* [What the exercise asks] Each record should be copied exactly into the answer, and no picture should go with it.

Segment Start: Task input

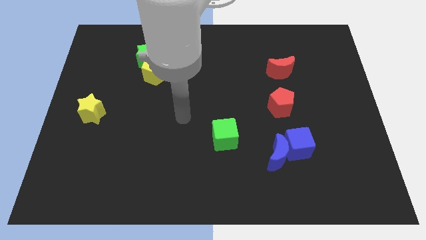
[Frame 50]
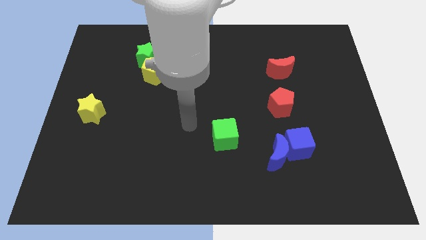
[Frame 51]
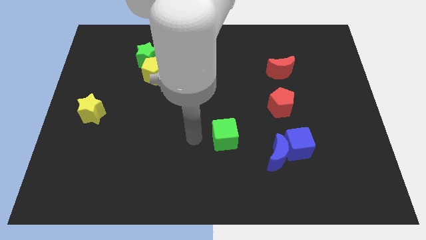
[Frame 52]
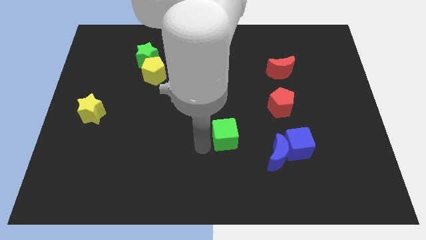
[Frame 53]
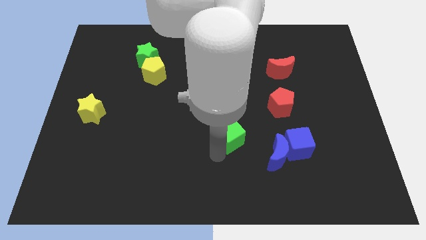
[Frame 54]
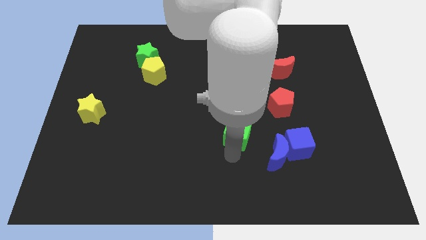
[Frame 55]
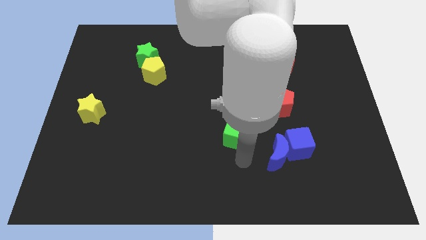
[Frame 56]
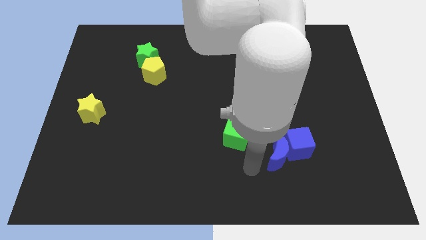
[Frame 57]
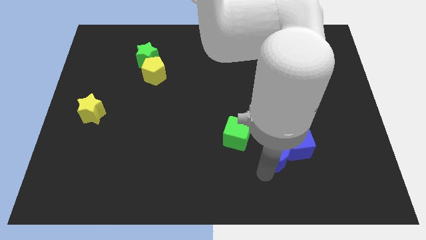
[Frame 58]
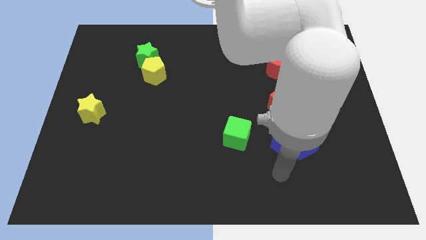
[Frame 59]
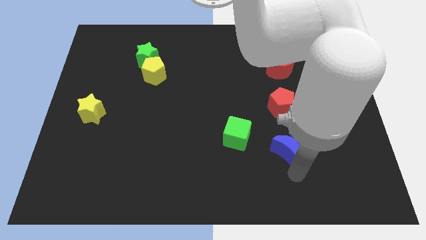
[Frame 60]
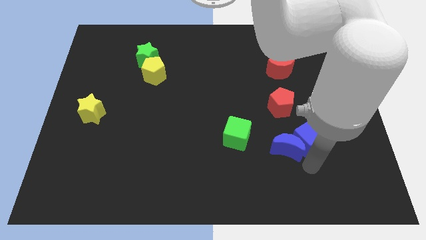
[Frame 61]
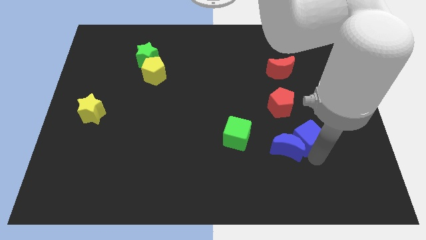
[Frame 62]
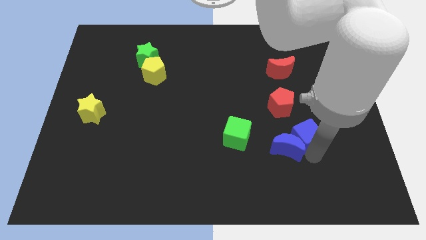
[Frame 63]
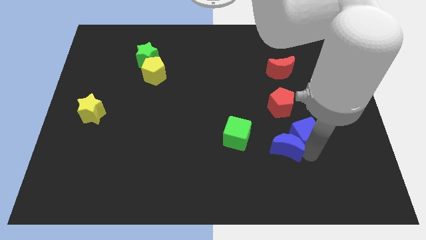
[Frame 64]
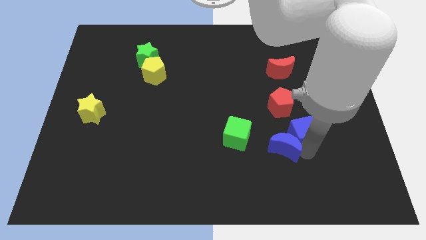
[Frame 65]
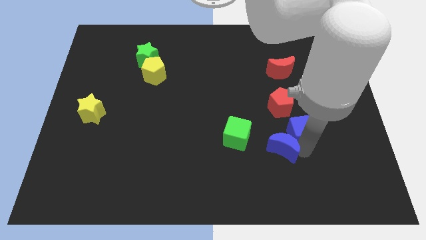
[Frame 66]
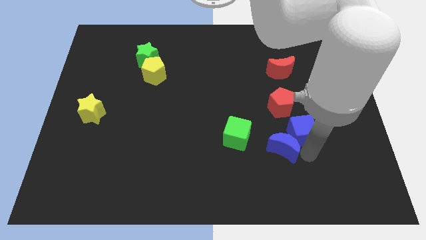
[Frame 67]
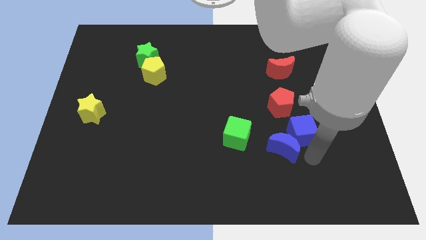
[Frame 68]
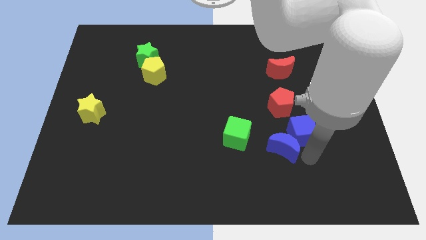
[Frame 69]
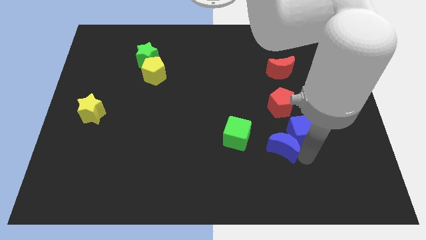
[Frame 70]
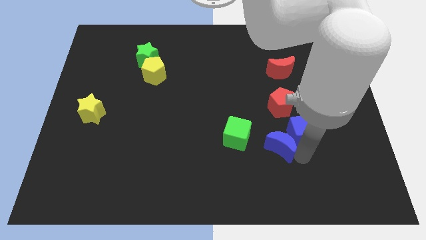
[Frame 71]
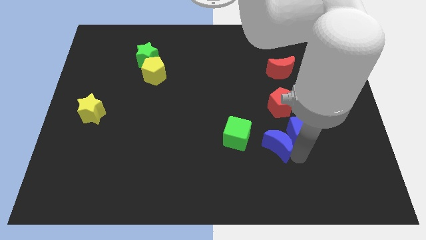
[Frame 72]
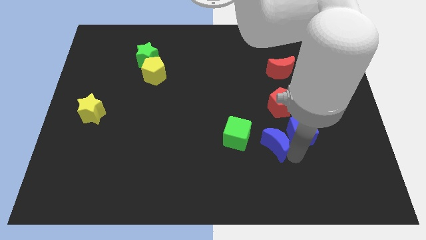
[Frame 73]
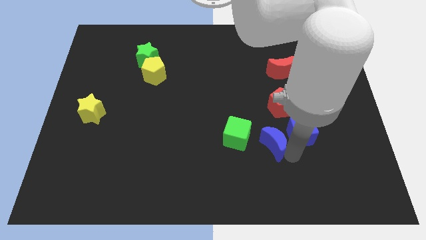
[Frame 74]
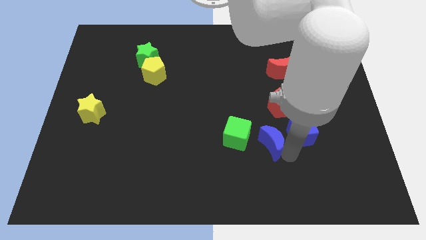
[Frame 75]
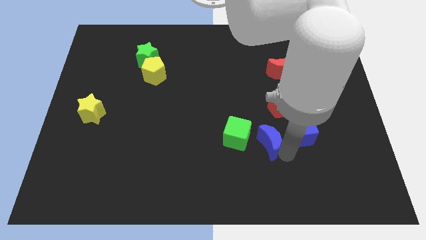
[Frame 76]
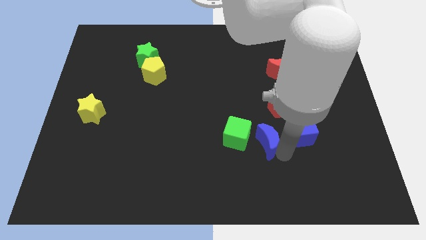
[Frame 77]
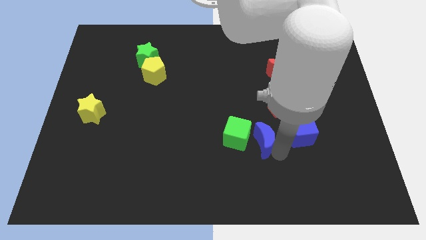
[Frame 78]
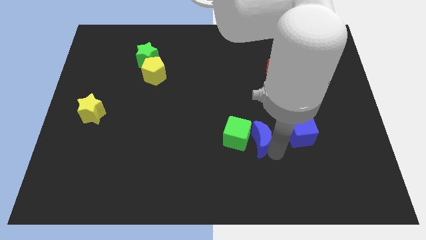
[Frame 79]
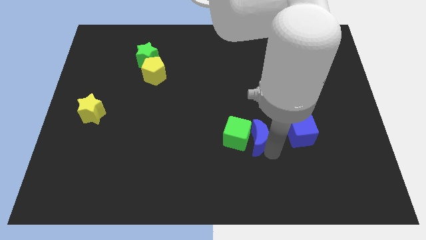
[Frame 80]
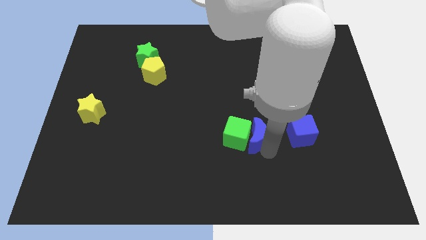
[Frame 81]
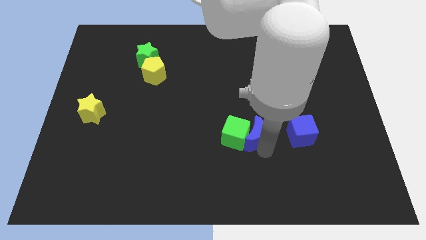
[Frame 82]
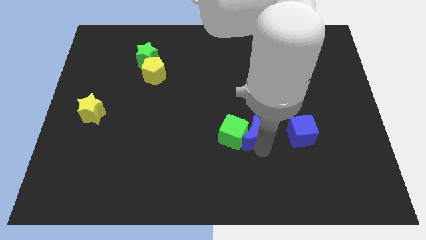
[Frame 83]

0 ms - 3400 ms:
push the blue moon a little bit up and to the left diagonally

Segment End: Task input

* [Answer box]
[Frame 50]
[Frame 51]
[Frame 52]
[Frame 53]
[Frame 54]
[Frame 55]
[Frame 56]
[Frame 57]
[Frame 58]
[Frame 59]
[Frame 60]
[Frame 61]
[Frame 62]
[Frame 63]
[Frame 64]
[Frame 65]
[Frame 66]
[Frame 67]
[Frame 68]
[Frame 69]
[Frame 70]
[Frame 71]
[Frame 72]
[Frame 73]
[Frame 74]
[Frame 75]
[Frame 76]
[Frame 77]
[Frame 78]
[Frame 79]
[Frame 80]
[Frame 81]
[Frame 82]
[Frame 83]

0 ms - 3400 ms:
push the blue moon a little bit up and to the left diagonally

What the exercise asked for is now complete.